→ **Goal of the exercise**:
All that should be output is the block of lines below from the line with "Title: The Domes, Yosemite" to the line with "Description: View of", both included, exactly as written.

Data to use Block Start

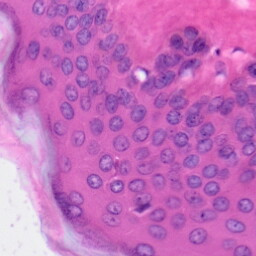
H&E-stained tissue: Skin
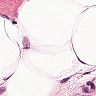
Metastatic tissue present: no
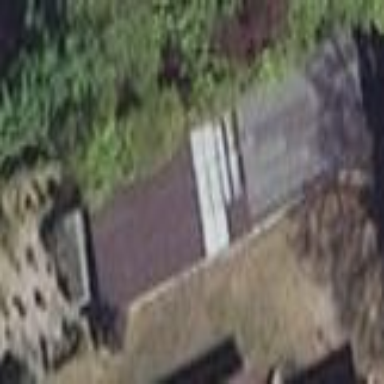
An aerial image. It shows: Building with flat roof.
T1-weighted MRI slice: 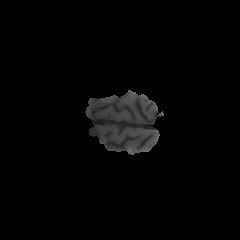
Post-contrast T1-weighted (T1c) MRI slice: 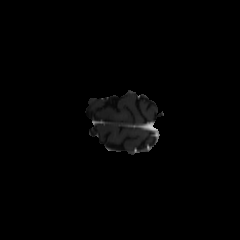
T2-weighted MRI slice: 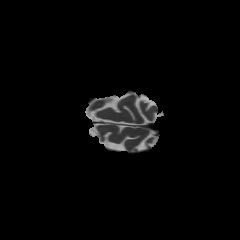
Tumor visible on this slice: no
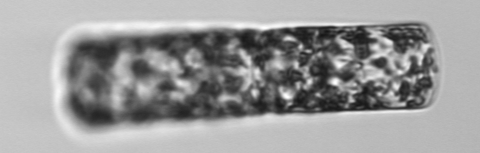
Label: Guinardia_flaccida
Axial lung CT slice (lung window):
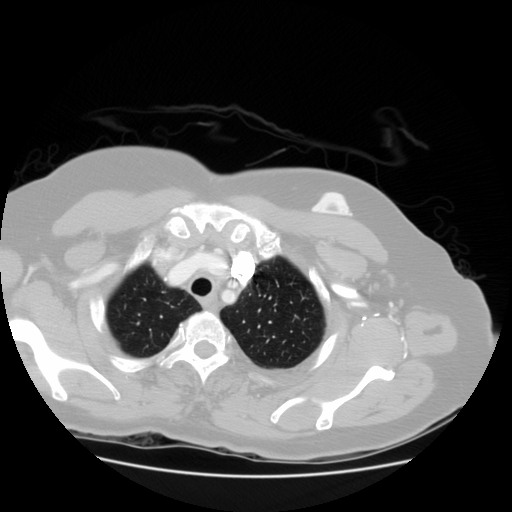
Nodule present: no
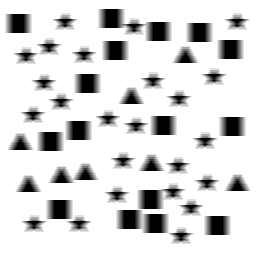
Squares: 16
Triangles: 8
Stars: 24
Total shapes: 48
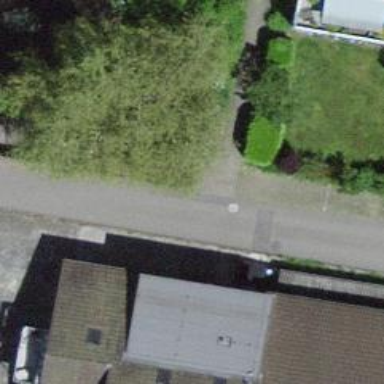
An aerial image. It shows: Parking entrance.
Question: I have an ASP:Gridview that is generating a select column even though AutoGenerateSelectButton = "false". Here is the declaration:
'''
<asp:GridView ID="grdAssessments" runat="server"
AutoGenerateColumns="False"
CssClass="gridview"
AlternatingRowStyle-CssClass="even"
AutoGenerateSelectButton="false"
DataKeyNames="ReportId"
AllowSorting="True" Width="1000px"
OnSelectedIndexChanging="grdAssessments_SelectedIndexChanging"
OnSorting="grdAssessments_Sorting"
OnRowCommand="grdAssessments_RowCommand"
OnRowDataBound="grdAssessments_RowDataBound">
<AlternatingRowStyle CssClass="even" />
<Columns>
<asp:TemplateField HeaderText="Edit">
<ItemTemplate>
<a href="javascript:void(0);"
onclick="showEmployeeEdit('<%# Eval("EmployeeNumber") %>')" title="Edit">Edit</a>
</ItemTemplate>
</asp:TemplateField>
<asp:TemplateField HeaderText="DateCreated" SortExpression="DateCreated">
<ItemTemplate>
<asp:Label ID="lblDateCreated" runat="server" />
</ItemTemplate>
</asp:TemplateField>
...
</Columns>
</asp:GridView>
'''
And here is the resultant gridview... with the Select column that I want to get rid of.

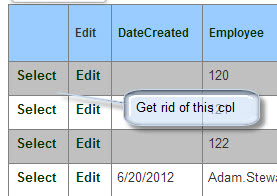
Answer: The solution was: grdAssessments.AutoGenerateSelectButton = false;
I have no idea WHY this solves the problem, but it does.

Data to use Block End
Data to use Block Start

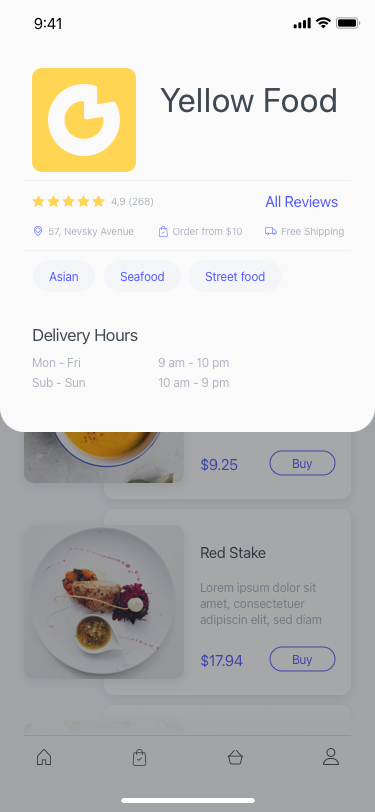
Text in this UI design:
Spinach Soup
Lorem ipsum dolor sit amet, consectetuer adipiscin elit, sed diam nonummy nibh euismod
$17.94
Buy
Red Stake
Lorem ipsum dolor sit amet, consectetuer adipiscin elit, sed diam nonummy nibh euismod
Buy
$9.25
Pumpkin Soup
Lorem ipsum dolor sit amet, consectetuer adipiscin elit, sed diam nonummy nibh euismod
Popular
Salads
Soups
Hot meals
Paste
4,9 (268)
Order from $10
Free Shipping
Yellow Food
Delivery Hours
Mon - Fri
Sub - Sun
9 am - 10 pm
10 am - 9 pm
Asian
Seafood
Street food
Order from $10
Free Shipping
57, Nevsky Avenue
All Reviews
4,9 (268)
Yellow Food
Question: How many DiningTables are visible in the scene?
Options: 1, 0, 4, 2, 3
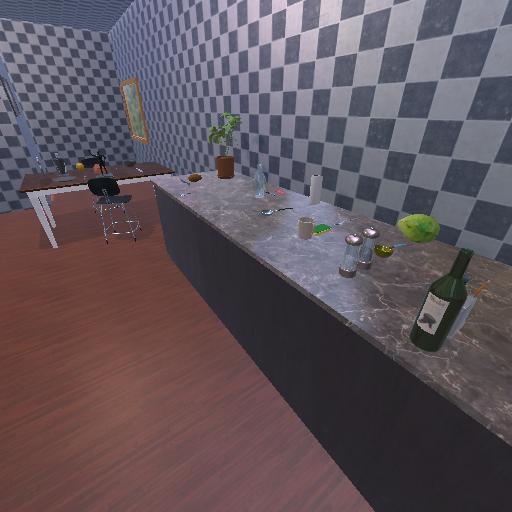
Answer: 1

Data to use Block End
Data to use Block Start

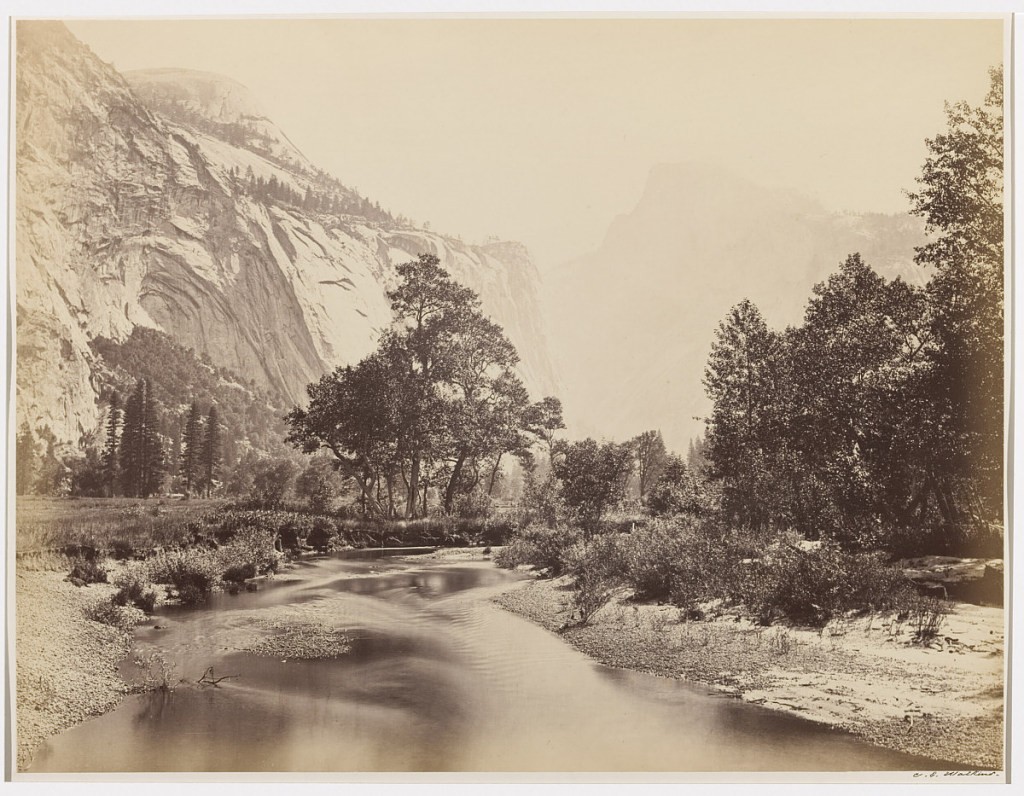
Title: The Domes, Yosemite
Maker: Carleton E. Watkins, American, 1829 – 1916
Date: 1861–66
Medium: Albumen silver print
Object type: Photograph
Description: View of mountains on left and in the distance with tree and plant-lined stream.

Data to use Block End

→ **Output of the exercise**:
Title: The Domes, Yosemite
Maker: Carleton E. Watkins, American, 1829 – 1916
Date: 1861–66
Medium: Albumen silver print
Object type: Photograph
Description: View of mountains on left and in the distance with tree and plant-lined stream.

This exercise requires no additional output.